In a hurry to dramatically increase enrollment for a trial? Have traditional methods lost their effectiveness?
Then consider a custom DVD for principal investigators and other research staff. It will get them more invested in what you’re doing and simultaneously provide compelling instruction. Instead of the usual monotonous production featuring talking heads droning on and on for hours, think umbrella lights, actors and camera crews on location in emergency rooms and ambulance bays.
PowerPoint Not Cutting It
That’s what Integrated Clinical Trial Services (ICTS) of Cary, N.C., puts together for sponsors, tailoring the DVDs to the specific needs of the trial. According to Gregg Sweet, VP of training and development at ITCS, your basic interminable PowerPoint training deck just isn’t cutting it these days.
“Those are poorly attended and people sleep through them,” said Sweet, adding that ICTS came up with the DVD concept to make more of an impact on investigators and related staff in less time.
Six Weeks, 100 Percent
Sweet’s shining example, he says, is a recent stroke study. After 18 months, study enrollment was only 10 percent complete. ICTS was called in, the company developed a DVD for the trial, and within six weeks enrollment shot up to 100 percent, said Sweet.
So what enrollment problems existed with that study that lent themselves to this medium? There were many, said Sweet.
Firstly, he explained, the study had a very narrow window for enrollment: patients needed to be signed up and treated within nine hours of their stroke. Therefore emergency medical technicians bringing such patients in to the hospital were key for enrollment, but since EMTs are not typically trained to recruit study subjects, they knew nothing about it.
Secondly, ER personnel needed to know about the study and all its details, but they had little time for lengthy training sessions.
How to Blind?
Third, hospital pharmacy staff required very specific instructions on how to blind the injections for the study. And lastly, hospital neuro-radiologists would have to have training on which very specific MRI and CT scan settings to use.
Clearly, just having one or two investigators or nurses sitting in on a traditional training session at this study’s outset wasn’t working, said Sweet.
Once ICTS signed on, they brought a camera crew of nine to the University of Wisconsin to shoot the head of neuro-radiology explaining the proper imaging settings for the study. Then they traveled to the Cleveland Clinic, where they got shots of leading stroke expert Anthony Furlan.

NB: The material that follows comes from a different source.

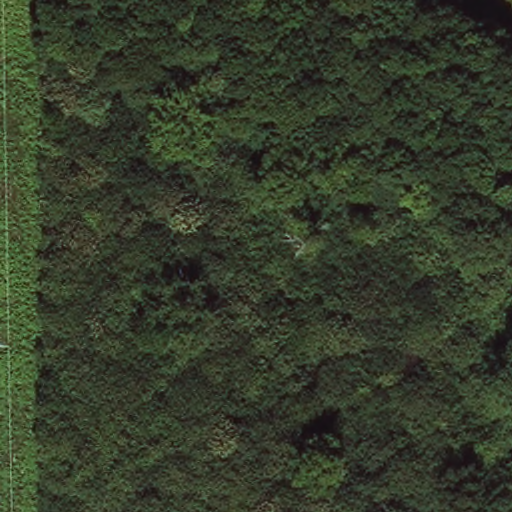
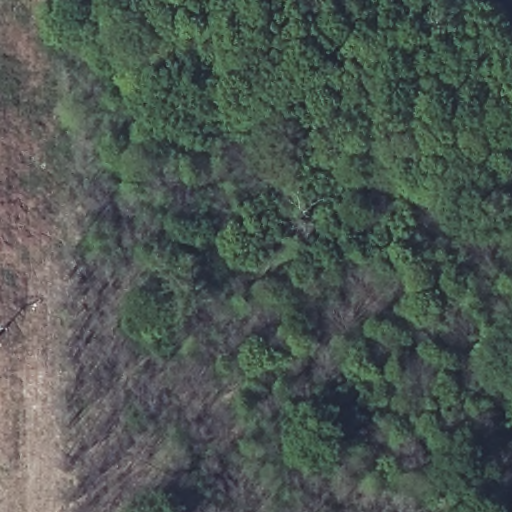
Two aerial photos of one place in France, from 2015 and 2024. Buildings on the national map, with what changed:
unchanged [(370,53),(352,56),(347,31),(365,29),(370,53)]

Next, they shot footage inside an ambulance bay, for the benefit of EMTs. And they had an ER physician narrate the 32-minute production.

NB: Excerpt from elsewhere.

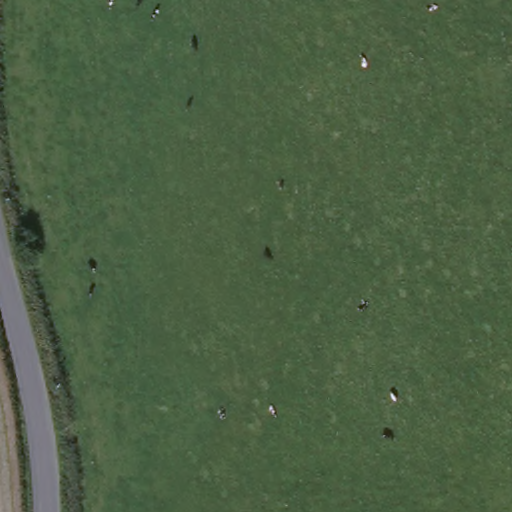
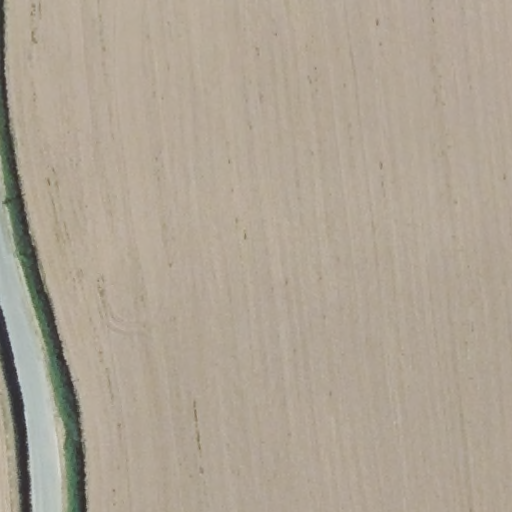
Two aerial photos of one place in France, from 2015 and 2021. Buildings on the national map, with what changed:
[]

After a few weeks of editing, each site got the modular DVD—modular in that each involved party (EMTs, ER docs, pharmacists, etc.) needed only to watch the intro, then hit play on the section of the DVD that pertained to them. No sitting around in sessions for hours hearing stuff you may not really need to know, said Sweet.
Something to See
Sweet added that investigators and other medical staff say it helps tremendously to have step-by-step visuals of exactly what needs to be done for a study, instead of just a written document filled with instructions.
Cost to this particular sponsor? $395,000, far cheaper than the cost of a trial failing due to inadequate enrollment, said Sweet.
Law and GCP
Other ICTS DVD projects have run as high as $500,000, and as low as $75,000. “It depends on how compelling the client wants to be,” said Sweet.
The company has also done parodies of TV shows (CSI, Law and Order) to outline Good Clinical Practice principals. Unfortunately, says Sweet, many sponsors don’t think to contact ICTS until recruitment for a trial has already gone badly awry.
“They would be much better off if they thought of us at the start,” he said.